I did this as a break from battling to learn basic stuff like viewports and workplanes...

Self-centring Lathe Chucks:
We know or can envisage a-

   3-Jaw chuck holds round, hexagonal and polygons of even multiples of 3.

   4-jaw chuck holds round, square and multiples of 4.
   4-jaw self-centring chuck also holds concentrically, hexagons.  Eh??? 4 jaws moving along the diagonals of an accurate square, gripping a 6-sided bar concentrically?

I did not know this until reading of it in a recent edition of Model Engineer magazine, with a remark on its counter-intuitive nature.

SO I analysed it by drawing:
Hexagon, 6inch dia, centred neatly on the grid.
Inner circle, tangential to the sides.
Outer circle, circumscribing.
Square, snapped to grid, enclosing the lot.
   - All these concentric.
Diagonals to the square, vertex-snapped.

Colour each component differently to make the cobweb readable.

Dimension the hexagon and circumscribing circle.
Select the inner circle and tweak its diameter, gently, by X & Y in Inspector bar until it passed through the diagonals' crossings of the hexagon's sloping sides.

Sure enough the intersections all lay in a symmetrical, square pattern.

Dimension that new circle.
The mathematician would use the drawing only to guide a lot of trigonometry a bit too tough for me, but allowing for the slight inaccuracy in eye-balling lines on screen, the ratio of about 6.0 : 5.40 probably holds for any size of hexagon. In the workshop, the intersections are the contacts of the chuck's jaws with the sloping flanks of the hexagonal stock, with the top and bottom faces horizontal and the chuck jaws at 45º to that. Having said that, the contact will be edge-to-surface, not surface-to-surface.

Yes, the fact revealed in the magazine surprised me, but while I could simply have played with the real chuck and a bit of bar, or a large nut, to prove it to myself,  I was intrigued by the geometry and if nowt else, it was a useful TurboCAD exercise in simply manipulating basic geometrical shapes on a single plane!

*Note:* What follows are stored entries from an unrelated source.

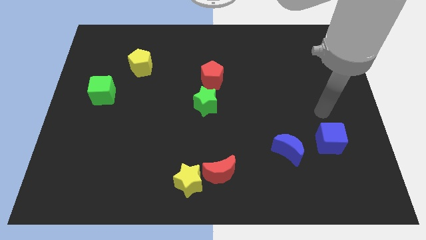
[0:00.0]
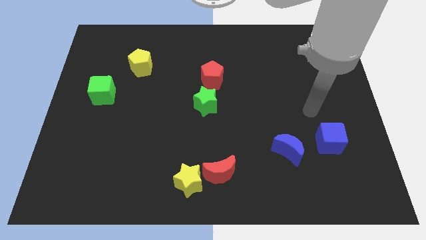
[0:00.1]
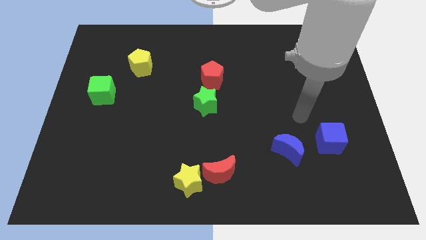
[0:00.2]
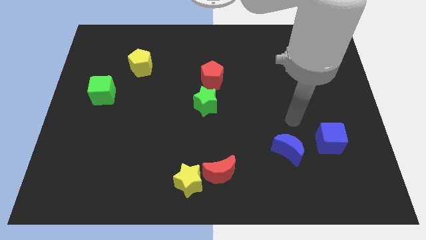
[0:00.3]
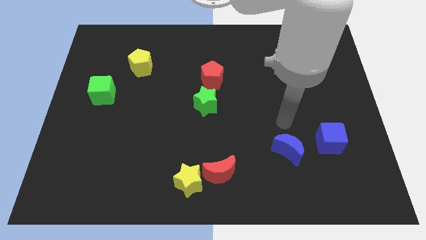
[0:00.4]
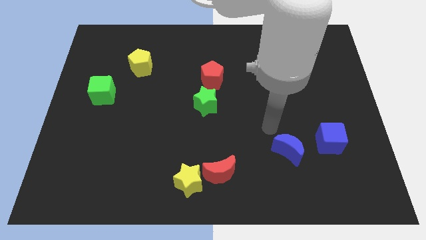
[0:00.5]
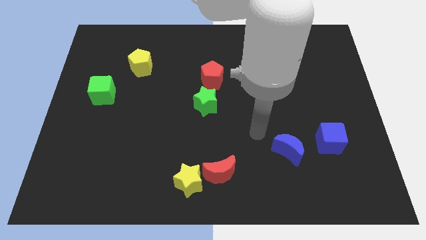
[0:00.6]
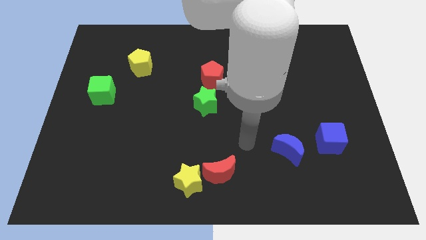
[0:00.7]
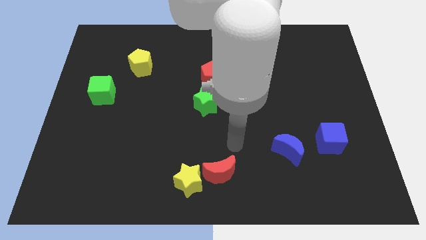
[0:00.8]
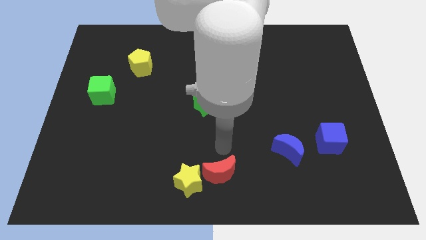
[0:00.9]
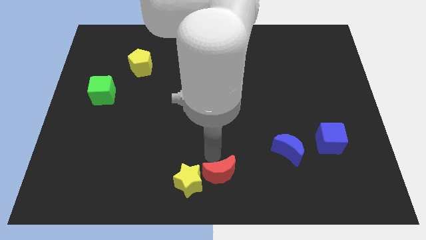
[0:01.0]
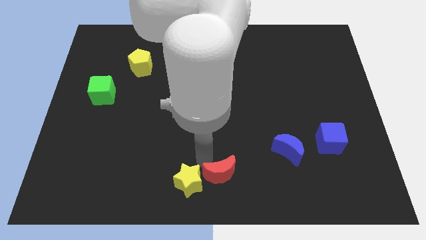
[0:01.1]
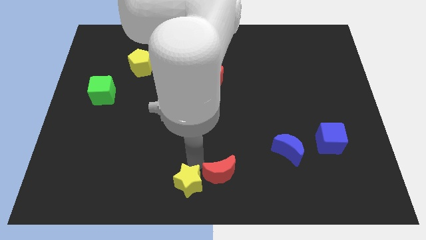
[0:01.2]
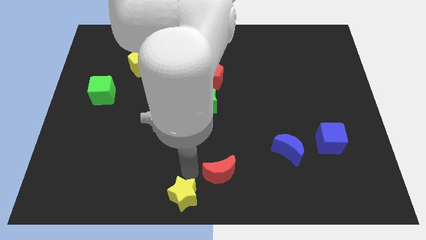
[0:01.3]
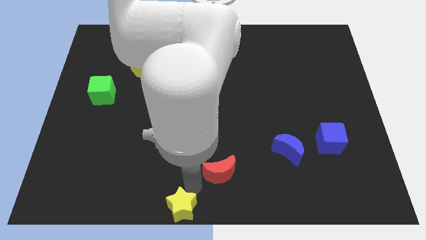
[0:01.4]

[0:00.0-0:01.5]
pull the red moon apart from the yellow star

On TC Deluxe 19: hobby use.

May 13, 2018, 03:58:14 AM
Maybe I'm not following, but I tried duplicating your design from your instructions and came up with the attached image.

The ratio is 6.00 : 5.20.

Also, I did not have to modify the inner circle to intersect the sloping lines of the hexagon because I used the Circle / Double Point function and Mid Point-Snapped (aka M-snap) to the middle of the hexagon's opposing line segments.

Am I close?


TC Pro Platinum 2018, 2017, 2016 & 2015 (all with LightWorks & RedSDK) & V21
System: i7-5820K @ 3.30GHz, ASRock X99 Extreme4, 16GB DDR4-2133 RAM, Gigabyte GTX 970, Samsung NVMe SSD 950 (256GB), Windows 7 Pro (64-bit) SP1

* May 19, 2018, 03:43:39 PM
Thank-you Jeffin!


Closer, because you used TurboCAD tools I've not yet grasped to that depth.

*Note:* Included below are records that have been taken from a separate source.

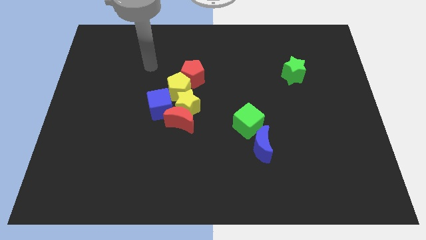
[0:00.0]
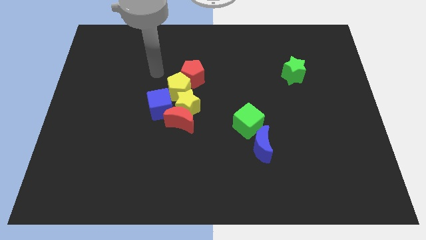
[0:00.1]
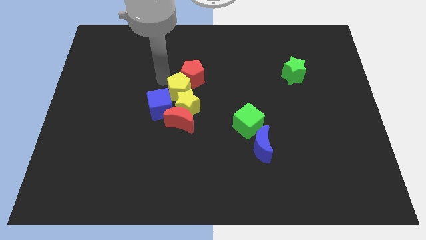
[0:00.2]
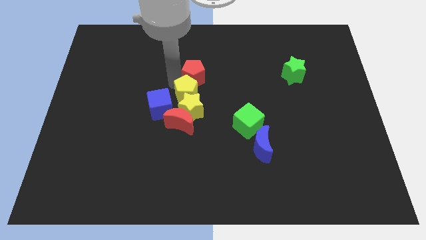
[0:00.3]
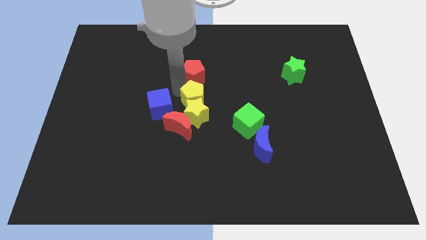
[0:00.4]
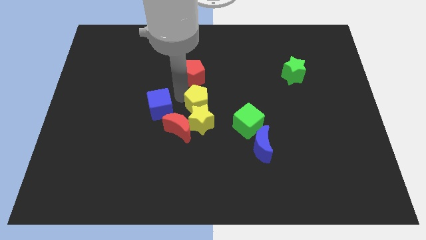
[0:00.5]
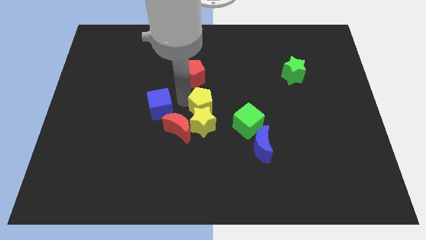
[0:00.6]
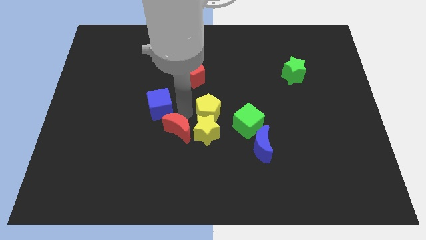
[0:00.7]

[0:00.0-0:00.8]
separate the blue cube from the yellow star, yellow pentagon, and red moon

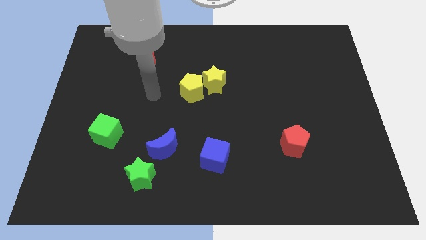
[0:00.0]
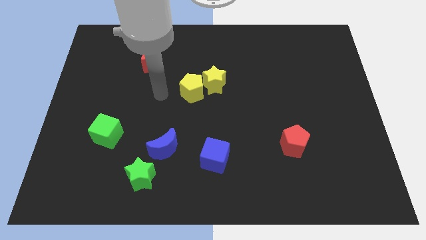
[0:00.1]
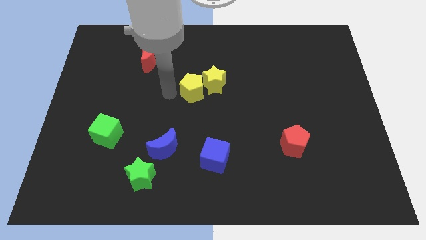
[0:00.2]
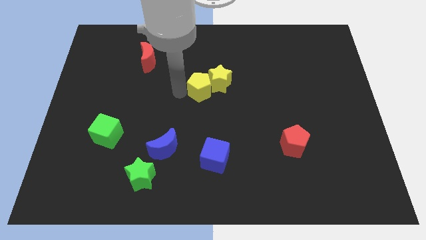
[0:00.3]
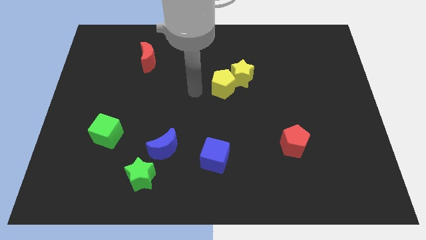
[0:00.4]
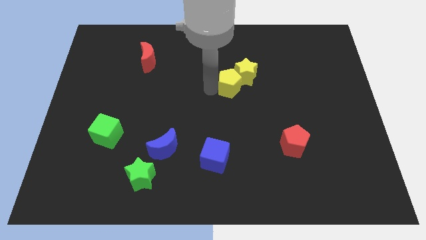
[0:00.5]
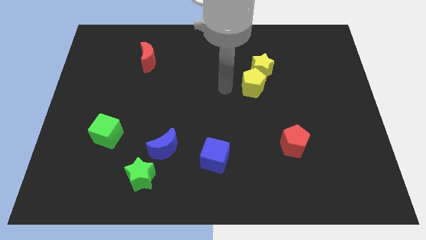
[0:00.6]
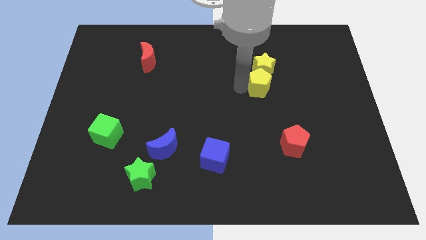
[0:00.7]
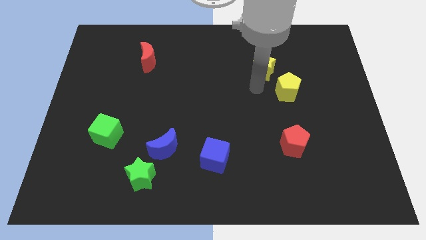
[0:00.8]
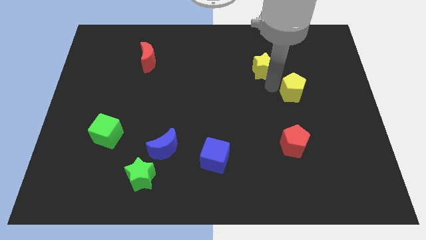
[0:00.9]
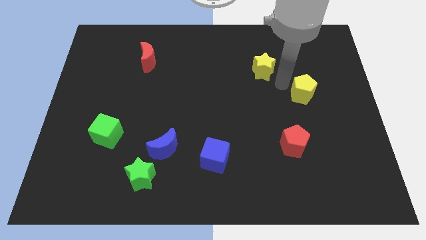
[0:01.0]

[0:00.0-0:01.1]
move the yellow star away from the yellow pentagon

I was nudging things by eye but I realise those functions would give numerically-accurate contacts.

In similar vein, another possible analytical task that's occurred to me, though I've not tried it, is the problem of cutting screw-threads on a lathe whose change-wheels give only close, but not correct, ratios. This is particularly the case if the intended thread is metric and the lathe all-Imperial. As mine are. The cut thread's resulting, cumulative pitch error may not matter on less than perhaps 10 turns and finished to profile with a die, but accurate drawing would reveal the practical limits for any particular thread and gear-ratio. (Work out the nearest available ratio first, by. e.g., spread-sheet.)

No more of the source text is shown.